YOUR OBJECTIVE: Return all of the data exactly as written, without the pictures.

DATA TO EXAMINE START

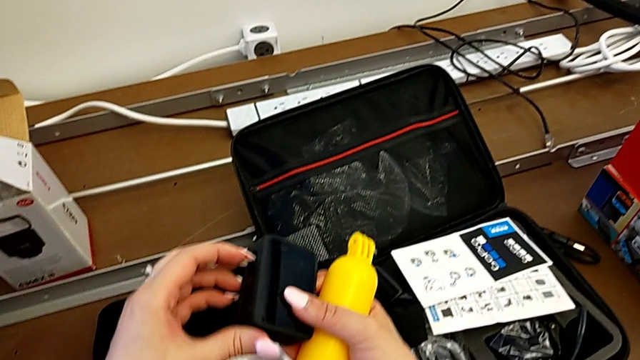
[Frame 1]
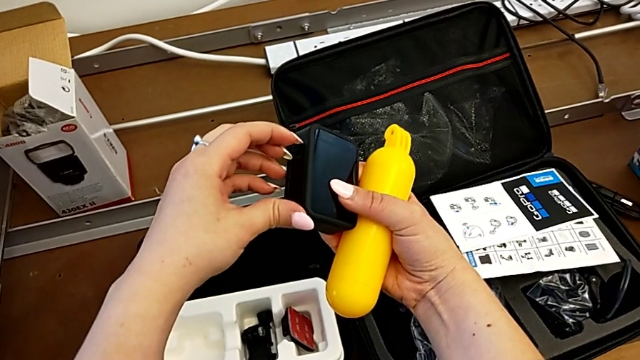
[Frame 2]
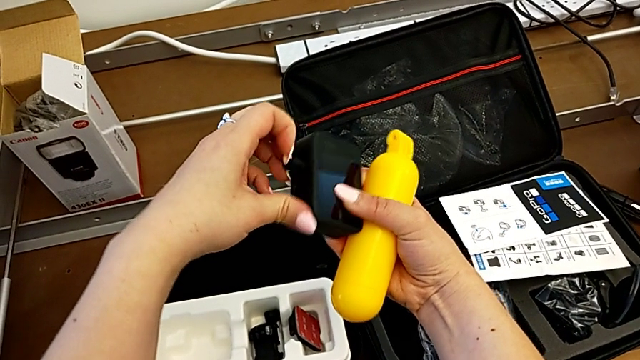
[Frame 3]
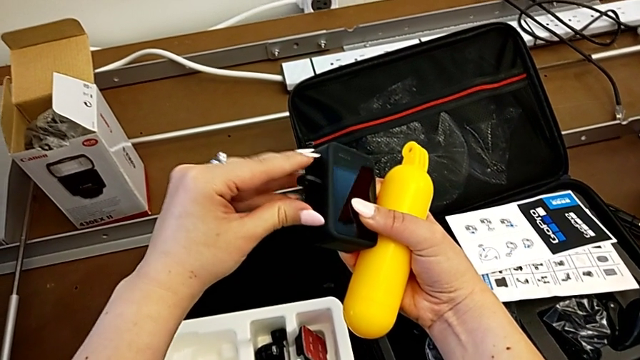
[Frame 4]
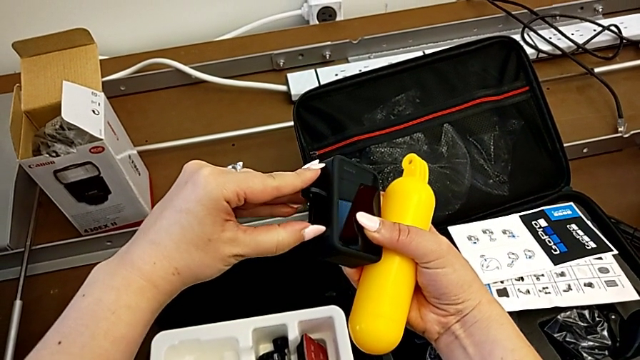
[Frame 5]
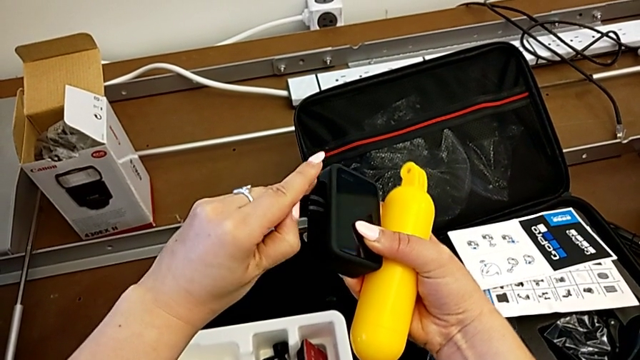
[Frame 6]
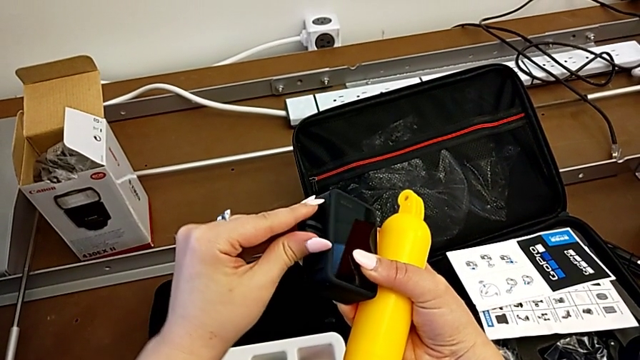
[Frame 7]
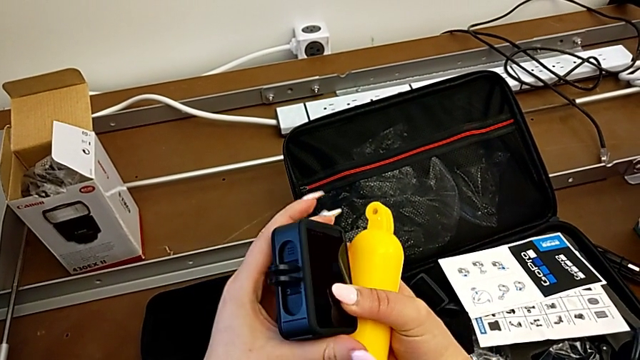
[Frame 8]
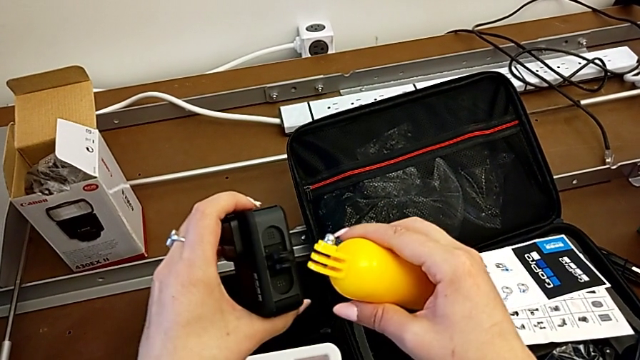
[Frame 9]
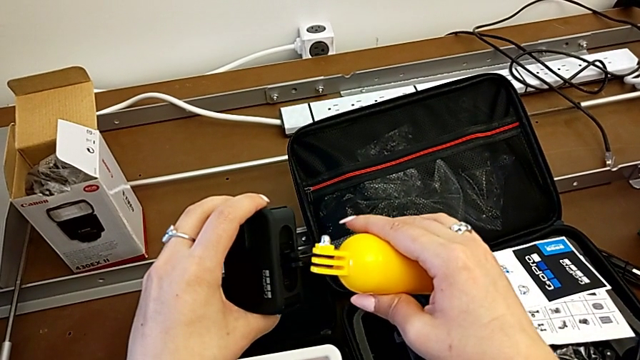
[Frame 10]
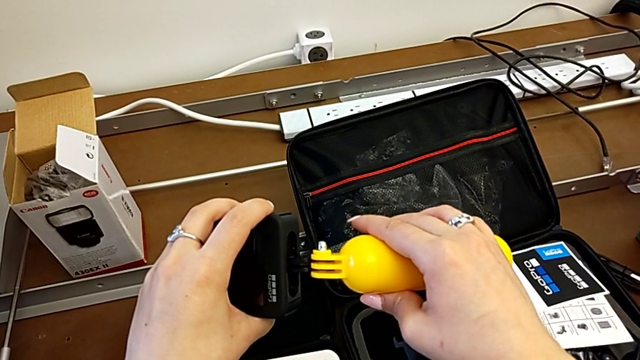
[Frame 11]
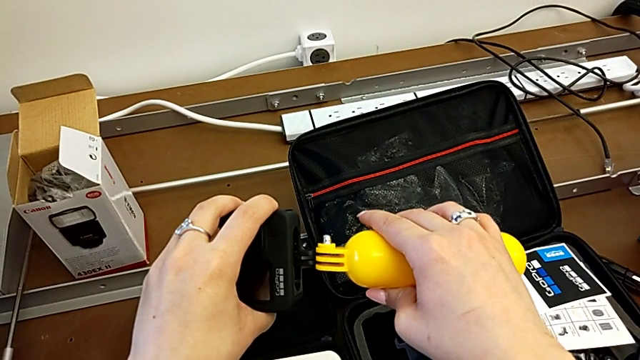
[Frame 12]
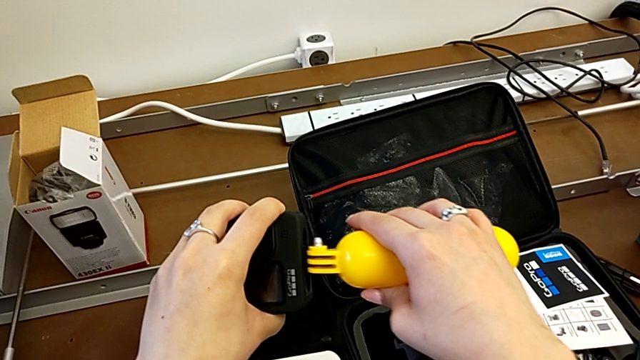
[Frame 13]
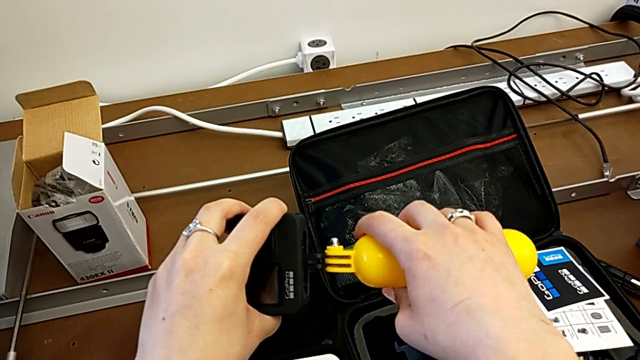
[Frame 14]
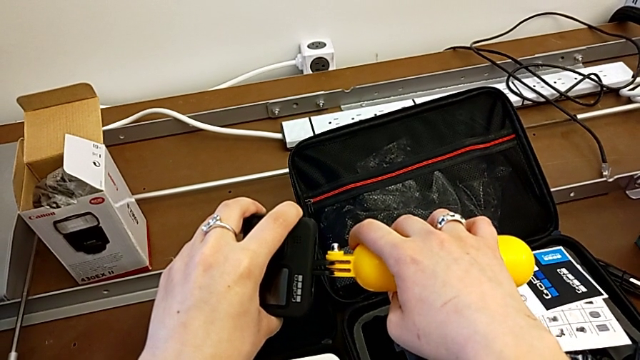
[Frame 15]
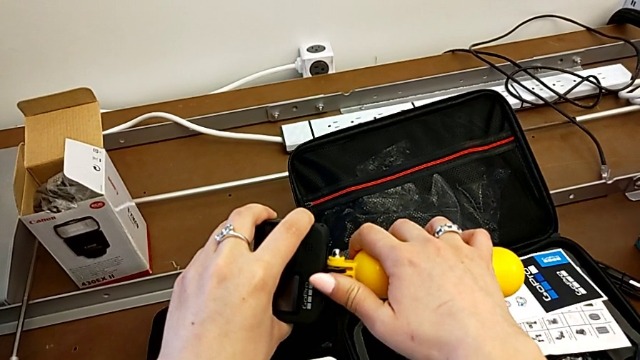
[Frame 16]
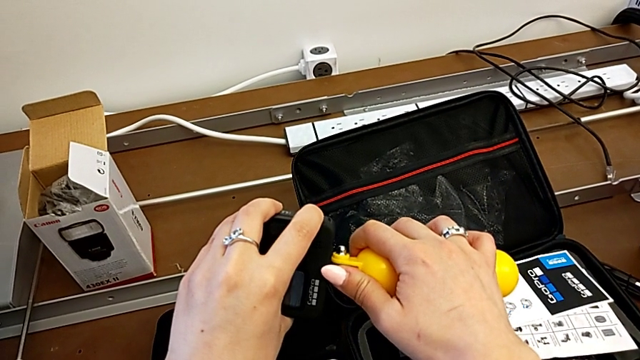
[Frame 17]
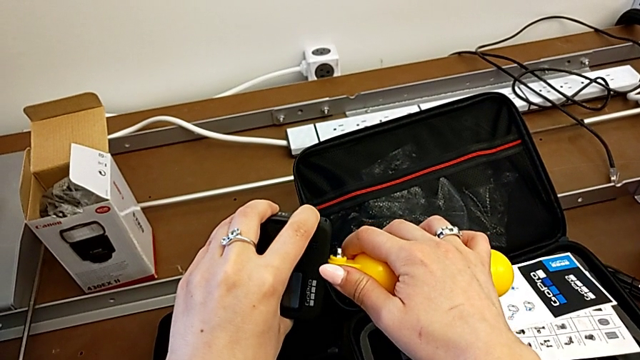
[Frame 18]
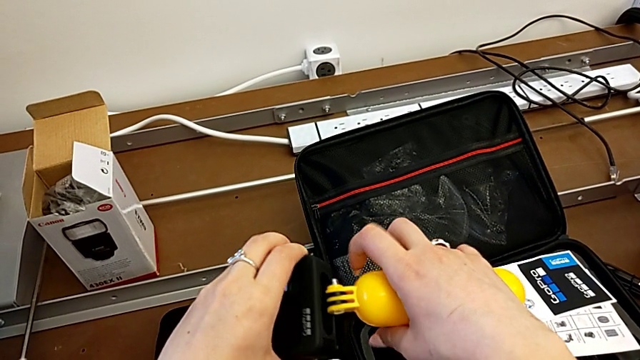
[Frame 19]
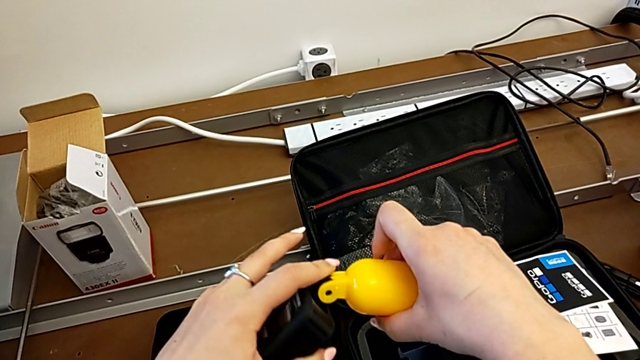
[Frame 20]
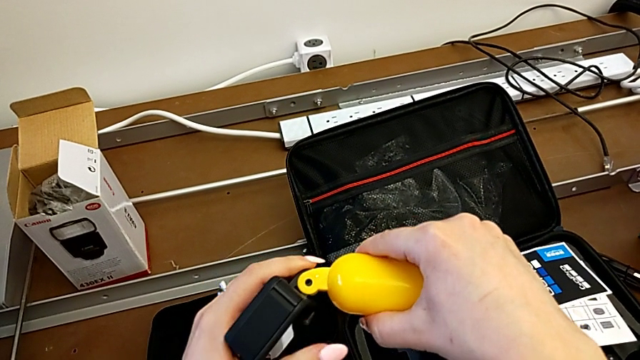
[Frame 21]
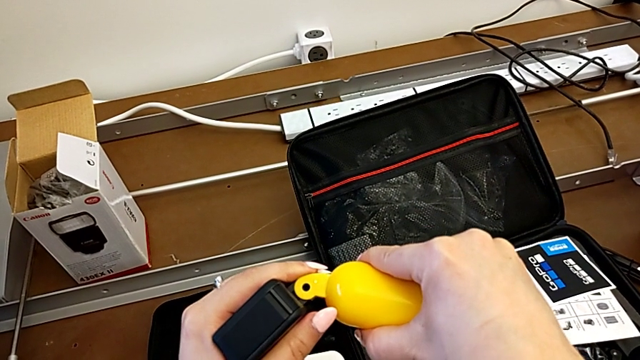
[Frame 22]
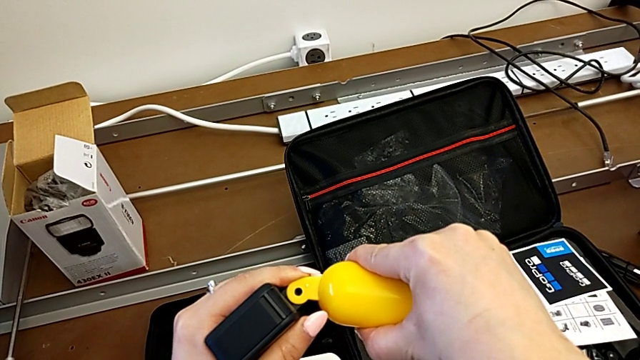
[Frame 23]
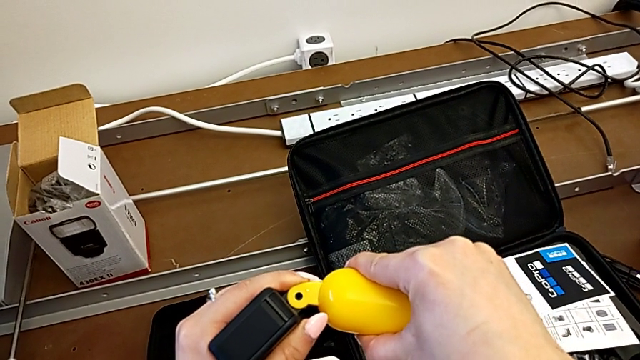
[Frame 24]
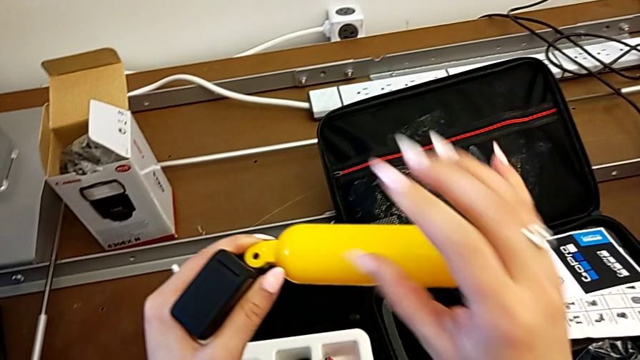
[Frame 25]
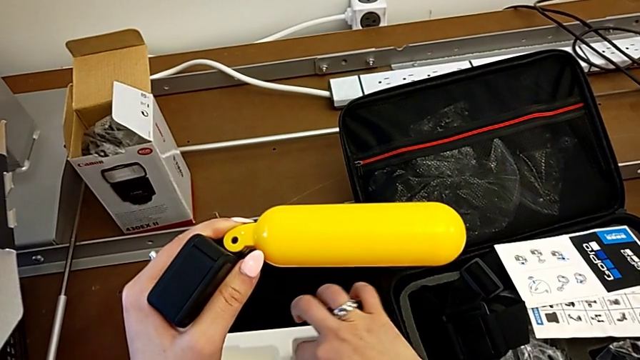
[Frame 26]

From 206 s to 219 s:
The camera wearer is attaching the floating hand grip to their GoPro. They pull the mounting peg, assemble the handheld grip and align it.

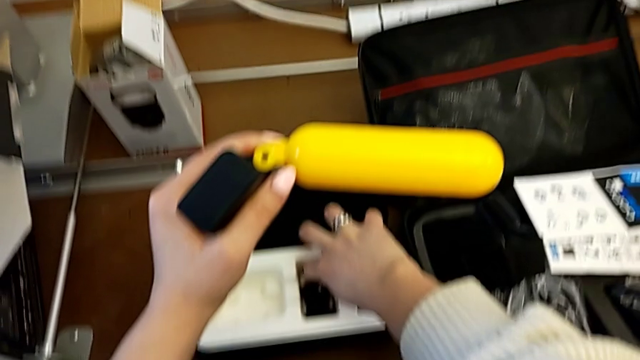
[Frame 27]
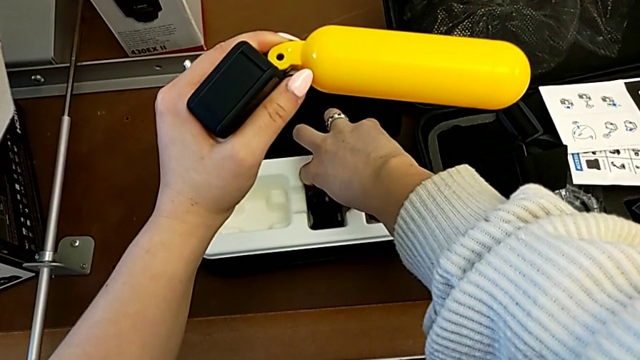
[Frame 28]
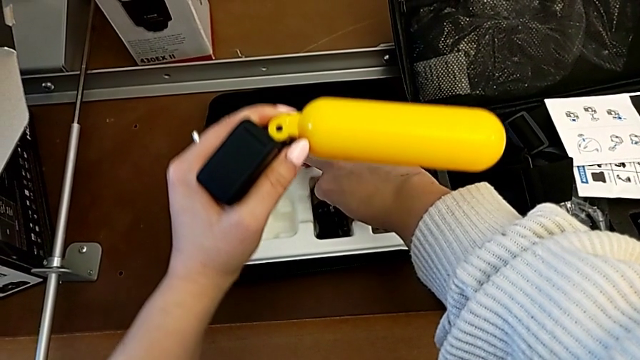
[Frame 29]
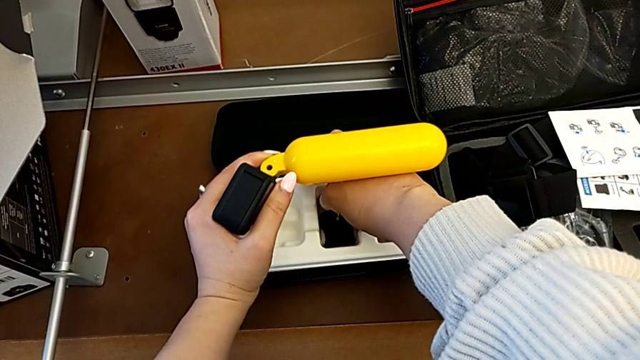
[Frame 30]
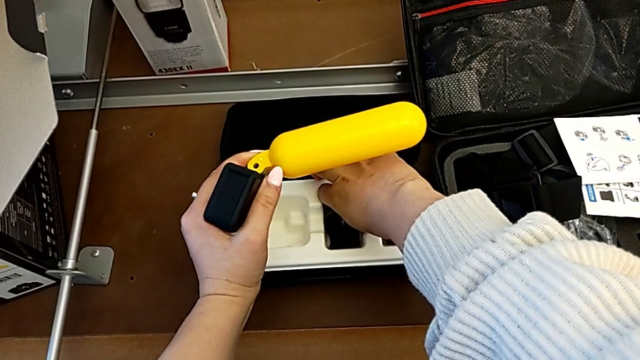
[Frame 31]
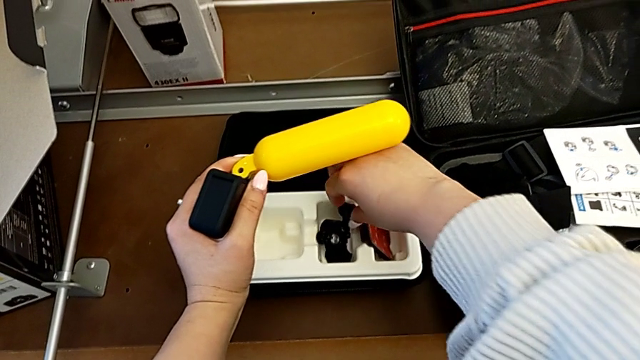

DATA TO EXAMINE END

THE ANSWER:
[Frame 1]
[Frame 2]
[Frame 3]
[Frame 4]
[Frame 5]
[Frame 6]
[Frame 7]
[Frame 8]
[Frame 9]
[Frame 10]
[Frame 11]
[Frame 12]
[Frame 13]
[Frame 14]
[Frame 15]
[Frame 16]
[Frame 17]
[Frame 18]
[Frame 19]
[Frame 20]
[Frame 21]
[Frame 22]
[Frame 23]
[Frame 24]
[Frame 25]
[Frame 26]

From 206 s to 219 s:
The camera wearer is attaching the floating hand grip to their GoPro. They pull the mounting peg, assemble the handheld grip and align it.

[Frame 27]
[Frame 28]
[Frame 29]
[Frame 30]
[Frame 31]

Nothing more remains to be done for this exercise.